As I’ve been diving more and more into Claude Code and AI the more I realize how much I have to learn around the systems and infrastructure that power them.

One piece of infrastructure that has always piqued my interest are graph databases and using them for RAG applications (AKA GraphRAG). Reason being is that not only do they allow for more advanced querying but, as an SEO, it’s a concept that has had quite the buzz since 2012 thanks to Google.

Claude Code Graph (CCGraph)

So what did I build?

Well, it all started thanks to a conversation with Noah Learner on discovering new and useful Claude Code repos. Something that can be both overwhelming (thanks to the +5,000 repos on GitHub that use the topic Claude Code) and is highly personalized based on your workflow.

After staring helplessly into the void for about 5 minutes on how to do this, I started poking around GitHub’s public API for repos with Claude Code as the topic and realized this was the perfect pet project to learn to build an agentic GraphRAG app end to end.

And 6 days of intermittent work later Claude Code Graph (CCGraph) was born!

The Journey

Now that we know what, let’s talk about how.

Prior to this my only experience working with Claude Code were 2 tiny test projects (a personal finance landing page quiz and a proof of concept transcription pipeline). Thankfully because of those two projects I already had a bit of a feel for how to approach development and previously created v1.0 of Claude Code Starter which I used as the starting point for CCGraph.

Milestone 0: Understanding Graph Databases and GraphRAG

Before even starting development I did a deep dive into really understanding what graph databases and GraphRAG is and how they work.

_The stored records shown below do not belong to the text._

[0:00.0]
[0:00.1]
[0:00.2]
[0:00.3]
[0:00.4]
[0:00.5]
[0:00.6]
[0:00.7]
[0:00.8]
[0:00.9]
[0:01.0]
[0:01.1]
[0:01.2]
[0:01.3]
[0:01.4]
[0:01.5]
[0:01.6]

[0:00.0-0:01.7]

This consisted of having long in-depth multi-day conversations with both Gemini and Claude, watching countless YouTube videos, and going through articles and documentation.

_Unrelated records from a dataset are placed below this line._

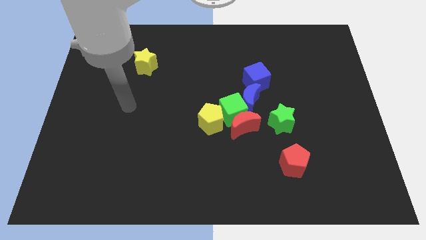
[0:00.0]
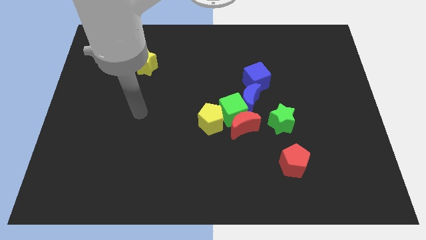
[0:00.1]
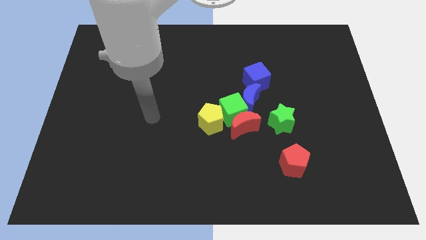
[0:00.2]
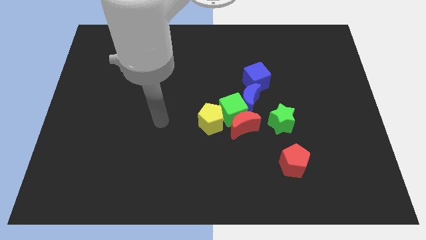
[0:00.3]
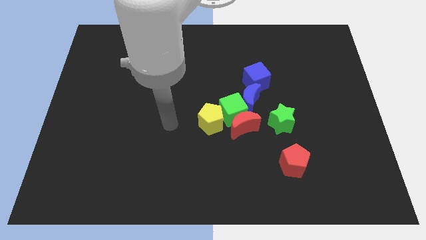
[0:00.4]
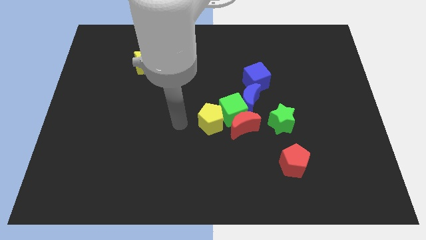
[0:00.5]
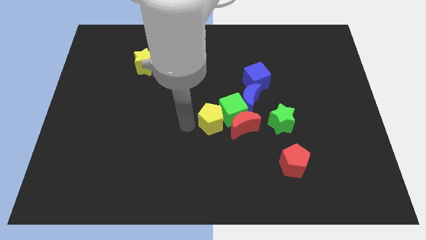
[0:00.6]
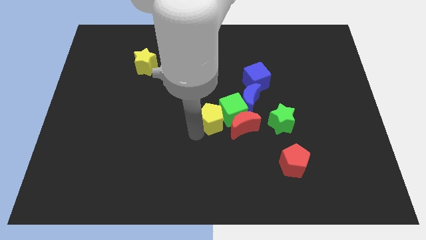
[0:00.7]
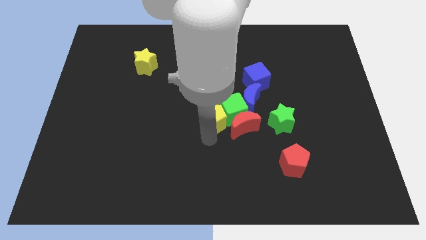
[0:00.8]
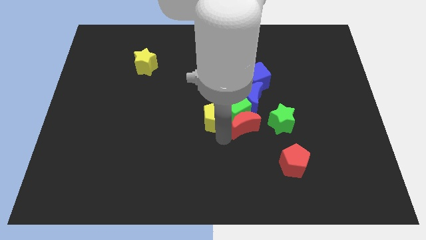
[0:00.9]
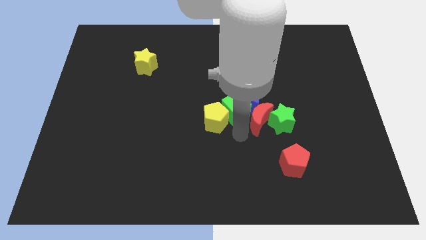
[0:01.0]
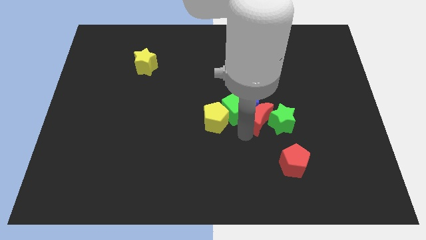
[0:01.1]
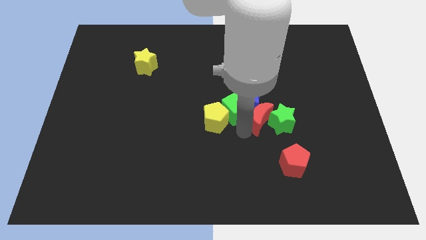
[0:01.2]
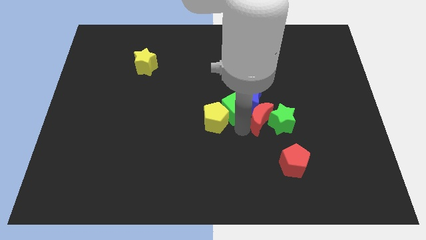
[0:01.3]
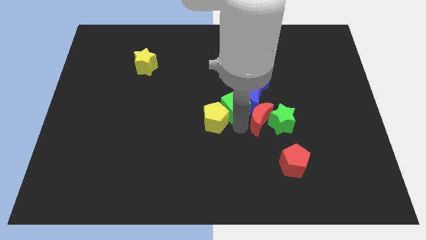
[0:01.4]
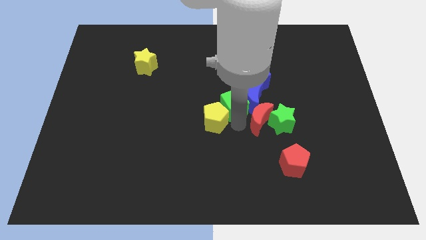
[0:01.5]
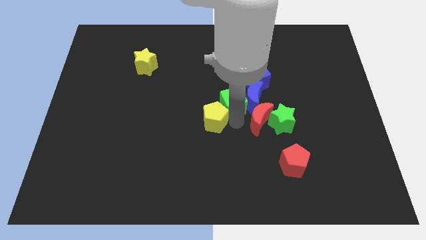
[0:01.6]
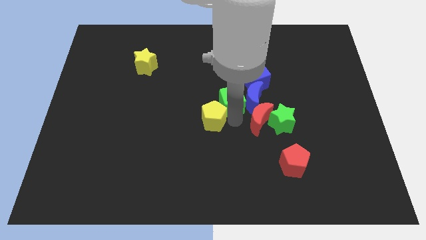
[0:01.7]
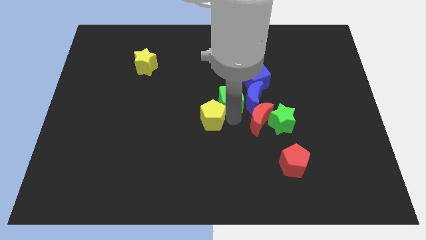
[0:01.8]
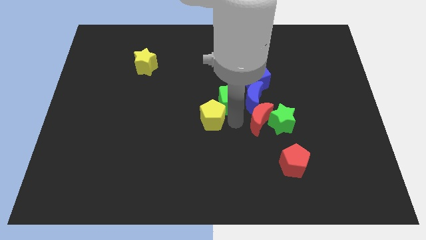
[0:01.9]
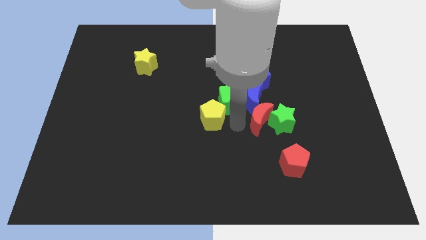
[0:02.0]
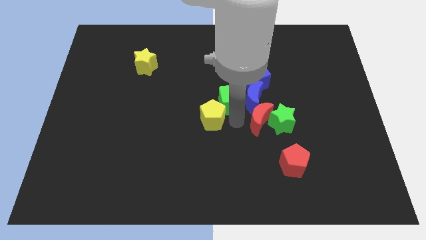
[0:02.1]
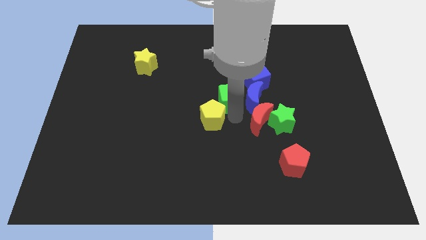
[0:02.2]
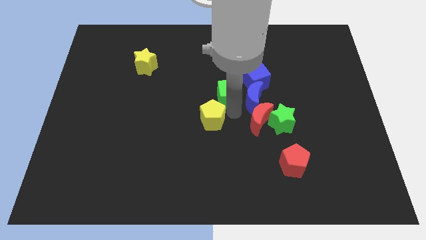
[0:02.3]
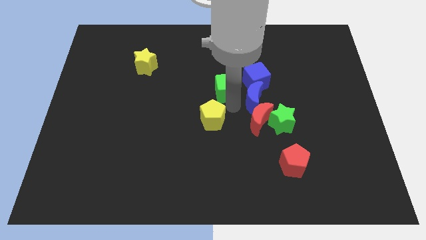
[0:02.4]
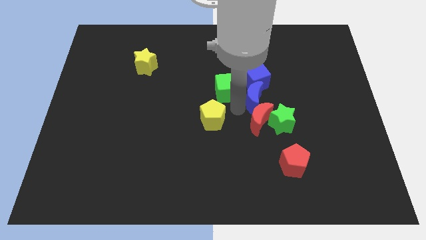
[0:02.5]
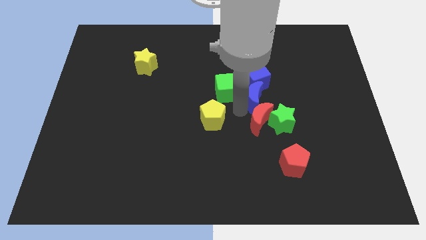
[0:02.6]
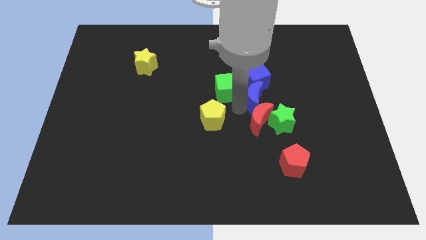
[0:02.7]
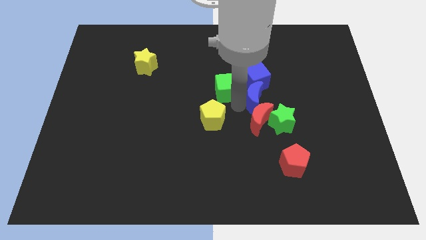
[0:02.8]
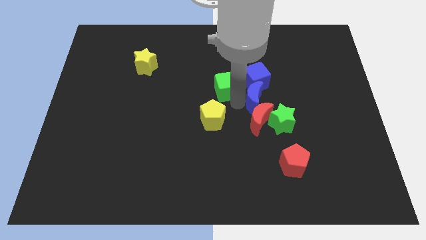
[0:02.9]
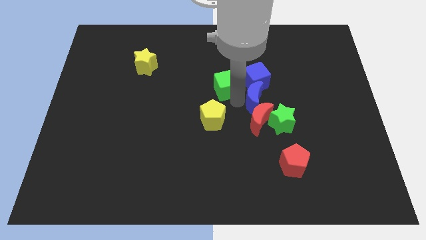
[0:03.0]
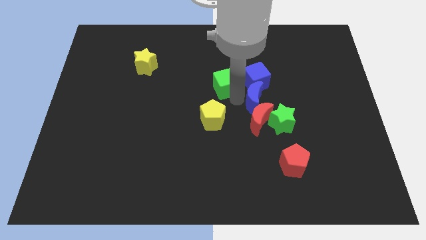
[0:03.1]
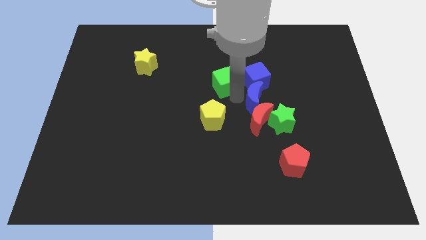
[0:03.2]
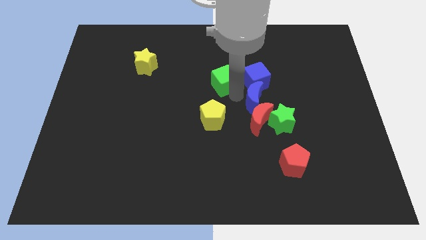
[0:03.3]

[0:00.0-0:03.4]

Why do this rather than jumping in blindly?

To prevent brain rot by guiding strategy while Claude lead the execution
I actually want to understand the underlying technology (not enough people do this!)
Claude does some really stupid shit and will gaslight you into allowing it to do dumb things

If you’re looking to learn more about graph databases and graphRAG, these resources came in handy:

Neo4j’s graph academy, blog, resources, and YouTube channel
AI Engineer’s YouTube channel
Cole Medin’s YouTube channel

Deciding on Graph Structure

Based on the learnings from my deep dive and brainstorming with Claude on how users will interact with the app, I decided on the following structure:

4 types of nodes would be used which consisted of:

Author - The person who owns the repository
Repository - The repository itself
Topic - Any tagged topic that a repository may have
Section - A chunked readable and vector embedded version of the README.md and Claude.md

The edges (the way the nodes are connected to each other) would be:

References - Relationship between a repo and another repo when it is mentioned by name
Owned By - Relationship between the author and repo
Has Topic - Relationship between a topic and repo
Has Section - Relationship between the repo and the README.md/Claude.md
Similar To - Relationship between two README.md/Claude.md chunks
Related Topic - Relationship between two topics

With both the edges and nodes now mapped out, the LLM can now easily traverse through the graph allowing it to find repos and topics that are connected or similar with deep context for the user.

Milestone 1: Initial App & Data Ingestions

The first step was collaborating with Claude on the initial PRD.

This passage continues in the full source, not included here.